(Saved data entries)

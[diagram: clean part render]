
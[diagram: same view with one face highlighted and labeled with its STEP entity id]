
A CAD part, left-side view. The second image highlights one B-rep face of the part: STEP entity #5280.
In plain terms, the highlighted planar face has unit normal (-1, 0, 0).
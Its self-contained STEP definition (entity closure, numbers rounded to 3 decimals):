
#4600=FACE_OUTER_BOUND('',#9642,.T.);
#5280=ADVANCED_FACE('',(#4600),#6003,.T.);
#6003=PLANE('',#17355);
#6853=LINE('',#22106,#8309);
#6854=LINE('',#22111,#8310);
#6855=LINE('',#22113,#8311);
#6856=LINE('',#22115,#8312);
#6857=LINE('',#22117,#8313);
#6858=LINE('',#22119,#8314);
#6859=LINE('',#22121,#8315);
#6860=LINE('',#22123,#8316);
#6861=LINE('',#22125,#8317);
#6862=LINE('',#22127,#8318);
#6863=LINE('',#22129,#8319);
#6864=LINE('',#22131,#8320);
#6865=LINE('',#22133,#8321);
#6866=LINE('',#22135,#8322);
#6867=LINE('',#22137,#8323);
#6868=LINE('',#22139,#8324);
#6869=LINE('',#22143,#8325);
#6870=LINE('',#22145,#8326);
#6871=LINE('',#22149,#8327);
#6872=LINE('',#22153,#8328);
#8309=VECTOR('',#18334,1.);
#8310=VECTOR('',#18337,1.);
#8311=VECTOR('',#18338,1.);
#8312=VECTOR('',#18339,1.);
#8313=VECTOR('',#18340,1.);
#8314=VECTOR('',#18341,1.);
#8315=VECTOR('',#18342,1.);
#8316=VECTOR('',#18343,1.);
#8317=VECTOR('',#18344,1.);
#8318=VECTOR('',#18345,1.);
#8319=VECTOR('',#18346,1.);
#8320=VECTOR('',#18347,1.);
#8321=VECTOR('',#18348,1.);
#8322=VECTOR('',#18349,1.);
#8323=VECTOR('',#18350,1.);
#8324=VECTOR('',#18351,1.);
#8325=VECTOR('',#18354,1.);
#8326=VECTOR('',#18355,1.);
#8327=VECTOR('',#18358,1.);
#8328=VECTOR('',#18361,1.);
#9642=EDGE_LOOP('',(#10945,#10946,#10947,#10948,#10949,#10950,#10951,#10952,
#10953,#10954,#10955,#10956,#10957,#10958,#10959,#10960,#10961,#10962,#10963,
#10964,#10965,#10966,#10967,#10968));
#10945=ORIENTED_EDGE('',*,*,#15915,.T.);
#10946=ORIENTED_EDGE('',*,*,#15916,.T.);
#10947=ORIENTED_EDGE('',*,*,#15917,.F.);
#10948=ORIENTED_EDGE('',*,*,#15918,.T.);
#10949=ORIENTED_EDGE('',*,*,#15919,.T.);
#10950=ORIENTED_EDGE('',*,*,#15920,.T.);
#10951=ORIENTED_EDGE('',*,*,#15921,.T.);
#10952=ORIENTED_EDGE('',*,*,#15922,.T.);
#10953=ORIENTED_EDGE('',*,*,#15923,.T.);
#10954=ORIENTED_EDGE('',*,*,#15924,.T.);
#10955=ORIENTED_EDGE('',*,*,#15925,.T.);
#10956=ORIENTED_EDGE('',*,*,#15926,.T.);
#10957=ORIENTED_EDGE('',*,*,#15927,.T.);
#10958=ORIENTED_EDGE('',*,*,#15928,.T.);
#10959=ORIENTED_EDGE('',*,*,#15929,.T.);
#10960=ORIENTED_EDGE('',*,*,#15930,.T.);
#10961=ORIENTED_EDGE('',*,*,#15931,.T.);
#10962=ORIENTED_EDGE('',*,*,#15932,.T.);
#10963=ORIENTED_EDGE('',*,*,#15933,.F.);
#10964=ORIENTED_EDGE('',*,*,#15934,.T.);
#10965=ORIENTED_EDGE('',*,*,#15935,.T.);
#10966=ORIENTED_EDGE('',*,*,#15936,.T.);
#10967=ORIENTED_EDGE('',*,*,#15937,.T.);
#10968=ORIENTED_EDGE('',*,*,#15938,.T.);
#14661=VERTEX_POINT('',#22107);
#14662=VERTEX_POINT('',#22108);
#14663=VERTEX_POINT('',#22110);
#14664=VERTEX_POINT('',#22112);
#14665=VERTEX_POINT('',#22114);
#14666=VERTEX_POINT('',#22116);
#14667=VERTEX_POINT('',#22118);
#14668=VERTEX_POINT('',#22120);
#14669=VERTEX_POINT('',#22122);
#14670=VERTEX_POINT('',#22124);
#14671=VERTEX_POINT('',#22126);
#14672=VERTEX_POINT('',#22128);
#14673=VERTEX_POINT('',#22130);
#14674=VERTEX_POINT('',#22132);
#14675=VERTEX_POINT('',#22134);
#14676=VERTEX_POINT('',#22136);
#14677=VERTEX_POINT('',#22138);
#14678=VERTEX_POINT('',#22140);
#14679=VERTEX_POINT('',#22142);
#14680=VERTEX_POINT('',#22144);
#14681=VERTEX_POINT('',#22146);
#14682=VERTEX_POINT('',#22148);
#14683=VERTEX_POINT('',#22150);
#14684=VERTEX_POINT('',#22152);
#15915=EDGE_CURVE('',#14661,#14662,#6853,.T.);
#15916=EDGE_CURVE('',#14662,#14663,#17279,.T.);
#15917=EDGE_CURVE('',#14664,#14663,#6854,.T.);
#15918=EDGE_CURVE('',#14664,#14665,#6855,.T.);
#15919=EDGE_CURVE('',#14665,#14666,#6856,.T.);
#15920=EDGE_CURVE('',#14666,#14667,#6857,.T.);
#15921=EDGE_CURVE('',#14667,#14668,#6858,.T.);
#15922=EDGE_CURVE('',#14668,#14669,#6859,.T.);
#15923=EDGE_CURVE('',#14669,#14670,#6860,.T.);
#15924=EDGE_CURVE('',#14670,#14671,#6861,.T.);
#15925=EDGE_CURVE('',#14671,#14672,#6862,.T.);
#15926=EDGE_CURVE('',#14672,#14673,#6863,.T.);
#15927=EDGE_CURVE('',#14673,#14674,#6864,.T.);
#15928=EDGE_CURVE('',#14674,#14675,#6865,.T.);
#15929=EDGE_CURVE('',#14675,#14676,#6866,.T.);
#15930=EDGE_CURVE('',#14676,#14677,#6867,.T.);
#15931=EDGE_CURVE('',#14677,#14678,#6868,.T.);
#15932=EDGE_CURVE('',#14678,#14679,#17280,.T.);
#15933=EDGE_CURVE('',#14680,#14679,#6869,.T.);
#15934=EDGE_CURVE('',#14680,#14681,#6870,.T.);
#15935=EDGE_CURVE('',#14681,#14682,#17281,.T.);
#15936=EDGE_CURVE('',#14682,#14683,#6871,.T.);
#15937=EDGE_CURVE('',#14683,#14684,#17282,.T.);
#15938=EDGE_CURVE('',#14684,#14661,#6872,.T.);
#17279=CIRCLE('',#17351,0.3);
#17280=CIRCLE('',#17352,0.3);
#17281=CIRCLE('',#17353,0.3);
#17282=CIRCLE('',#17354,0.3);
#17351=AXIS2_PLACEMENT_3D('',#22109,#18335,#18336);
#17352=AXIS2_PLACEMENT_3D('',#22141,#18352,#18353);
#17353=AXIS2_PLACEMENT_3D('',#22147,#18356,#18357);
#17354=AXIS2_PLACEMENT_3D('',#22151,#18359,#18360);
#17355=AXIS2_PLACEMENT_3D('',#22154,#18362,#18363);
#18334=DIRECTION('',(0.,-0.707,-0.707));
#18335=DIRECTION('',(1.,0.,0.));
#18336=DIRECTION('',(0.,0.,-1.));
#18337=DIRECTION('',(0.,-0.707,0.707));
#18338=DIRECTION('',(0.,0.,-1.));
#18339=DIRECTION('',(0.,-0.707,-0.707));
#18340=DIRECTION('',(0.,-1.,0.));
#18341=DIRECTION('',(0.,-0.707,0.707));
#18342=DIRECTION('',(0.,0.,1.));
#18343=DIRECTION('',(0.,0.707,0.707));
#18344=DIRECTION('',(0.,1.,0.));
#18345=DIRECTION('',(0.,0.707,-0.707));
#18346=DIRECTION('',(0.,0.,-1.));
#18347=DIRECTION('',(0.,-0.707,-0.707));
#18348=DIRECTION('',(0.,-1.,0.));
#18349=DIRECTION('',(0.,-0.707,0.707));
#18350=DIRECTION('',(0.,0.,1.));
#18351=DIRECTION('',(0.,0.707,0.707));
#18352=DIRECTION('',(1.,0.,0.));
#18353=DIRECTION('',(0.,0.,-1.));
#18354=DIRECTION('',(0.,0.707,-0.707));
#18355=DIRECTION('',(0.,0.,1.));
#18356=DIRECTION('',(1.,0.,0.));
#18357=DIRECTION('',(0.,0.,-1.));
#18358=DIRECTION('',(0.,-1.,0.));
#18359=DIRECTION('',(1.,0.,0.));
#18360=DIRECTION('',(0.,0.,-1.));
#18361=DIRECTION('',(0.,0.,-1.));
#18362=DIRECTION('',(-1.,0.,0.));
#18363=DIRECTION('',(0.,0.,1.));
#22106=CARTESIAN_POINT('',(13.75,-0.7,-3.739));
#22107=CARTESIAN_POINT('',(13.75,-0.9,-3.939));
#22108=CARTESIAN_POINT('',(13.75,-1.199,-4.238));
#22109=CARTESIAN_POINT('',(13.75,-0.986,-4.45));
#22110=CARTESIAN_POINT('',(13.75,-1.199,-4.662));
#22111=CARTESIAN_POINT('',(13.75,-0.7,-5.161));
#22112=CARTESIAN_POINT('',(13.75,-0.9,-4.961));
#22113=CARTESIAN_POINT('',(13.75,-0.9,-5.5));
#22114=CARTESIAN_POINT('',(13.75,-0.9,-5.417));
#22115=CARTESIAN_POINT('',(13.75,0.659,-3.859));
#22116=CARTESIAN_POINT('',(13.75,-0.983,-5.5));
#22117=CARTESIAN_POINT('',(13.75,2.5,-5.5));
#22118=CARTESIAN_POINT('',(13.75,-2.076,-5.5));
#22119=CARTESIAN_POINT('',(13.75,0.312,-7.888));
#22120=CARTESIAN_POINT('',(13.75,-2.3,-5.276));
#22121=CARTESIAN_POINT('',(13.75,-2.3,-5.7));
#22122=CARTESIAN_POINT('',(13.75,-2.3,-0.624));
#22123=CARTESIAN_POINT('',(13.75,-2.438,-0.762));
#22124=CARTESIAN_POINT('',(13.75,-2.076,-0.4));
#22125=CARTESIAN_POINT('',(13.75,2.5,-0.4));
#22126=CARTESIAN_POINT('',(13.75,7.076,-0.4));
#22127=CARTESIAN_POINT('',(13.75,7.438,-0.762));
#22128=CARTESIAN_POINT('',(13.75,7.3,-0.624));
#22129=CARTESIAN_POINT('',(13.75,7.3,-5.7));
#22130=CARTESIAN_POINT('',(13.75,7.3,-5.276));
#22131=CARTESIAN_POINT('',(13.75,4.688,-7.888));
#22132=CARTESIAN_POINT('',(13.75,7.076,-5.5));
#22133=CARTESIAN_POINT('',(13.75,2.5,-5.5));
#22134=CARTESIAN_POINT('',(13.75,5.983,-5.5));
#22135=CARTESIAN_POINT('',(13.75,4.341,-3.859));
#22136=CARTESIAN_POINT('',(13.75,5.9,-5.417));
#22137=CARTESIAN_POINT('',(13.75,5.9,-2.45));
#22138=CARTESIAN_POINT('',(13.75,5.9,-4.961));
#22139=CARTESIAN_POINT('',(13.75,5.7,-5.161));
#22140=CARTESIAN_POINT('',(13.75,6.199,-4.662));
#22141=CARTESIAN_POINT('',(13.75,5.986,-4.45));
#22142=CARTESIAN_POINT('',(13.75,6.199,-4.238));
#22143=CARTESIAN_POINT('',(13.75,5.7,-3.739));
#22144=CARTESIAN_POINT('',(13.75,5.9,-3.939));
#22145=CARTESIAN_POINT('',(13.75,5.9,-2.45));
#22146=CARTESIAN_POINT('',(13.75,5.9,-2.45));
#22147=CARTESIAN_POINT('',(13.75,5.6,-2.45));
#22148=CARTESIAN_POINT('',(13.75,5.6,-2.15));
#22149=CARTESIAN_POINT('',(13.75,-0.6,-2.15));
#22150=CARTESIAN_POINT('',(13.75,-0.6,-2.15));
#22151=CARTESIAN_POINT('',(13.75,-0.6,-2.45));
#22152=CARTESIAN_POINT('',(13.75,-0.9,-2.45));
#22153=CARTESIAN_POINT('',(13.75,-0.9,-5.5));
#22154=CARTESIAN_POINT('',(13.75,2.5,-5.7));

Task details
Using the data above, reproduce exactly the lines from the line that contains "#22123=CARTESIAN_POINT('',(13.75,-2.438,-0.762));" through the line that contains "#22147=CARTESIAN_POINT('',(13.75,5.6,-2.45));", including both.

Response for this exercise
#22123=CARTESIAN_POINT('',(13.75,-2.438,-0.762));
#22124=CARTESIAN_POINT('',(13.75,-2.076,-0.4));
#22125=CARTESIAN_POINT('',(13.75,2.5,-0.4));
#22126=CARTESIAN_POINT('',(13.75,7.076,-0.4));
#22127=CARTESIAN_POINT('',(13.75,7.438,-0.762));
#22128=CARTESIAN_POINT('',(13.75,7.3,-0.624));
#22129=CARTESIAN_POINT('',(13.75,7.3,-5.7));
#22130=CARTESIAN_POINT('',(13.75,7.3,-5.276));
#22131=CARTESIAN_POINT('',(13.75,4.688,-7.888));
#22132=CARTESIAN_POINT('',(13.75,7.076,-5.5));
#22133=CARTESIAN_POINT('',(13.75,2.5,-5.5));
#22134=CARTESIAN_POINT('',(13.75,5.983,-5.5));
#22135=CARTESIAN_POINT('',(13.75,4.341,-3.859));
#22136=CARTESIAN_POINT('',(13.75,5.9,-5.417));
#22137=CARTESIAN_POINT('',(13.75,5.9,-2.45));
#22138=CARTESIAN_POINT('',(13.75,5.9,-4.961));
#22139=CARTESIAN_POINT('',(13.75,5.7,-5.161));
#22140=CARTESIAN_POINT('',(13.75,6.199,-4.662));
#22141=CARTESIAN_POINT('',(13.75,5.986,-4.45));
#22142=CARTESIAN_POINT('',(13.75,6.199,-4.238));
#22143=CARTESIAN_POINT('',(13.75,5.7,-3.739));
#22144=CARTESIAN_POINT('',(13.75,5.9,-3.939));
#22145=CARTESIAN_POINT('',(13.75,5.9,-2.45));
#22146=CARTESIAN_POINT('',(13.75,5.9,-2.45));
#22147=CARTESIAN_POINT('',(13.75,5.6,-2.45));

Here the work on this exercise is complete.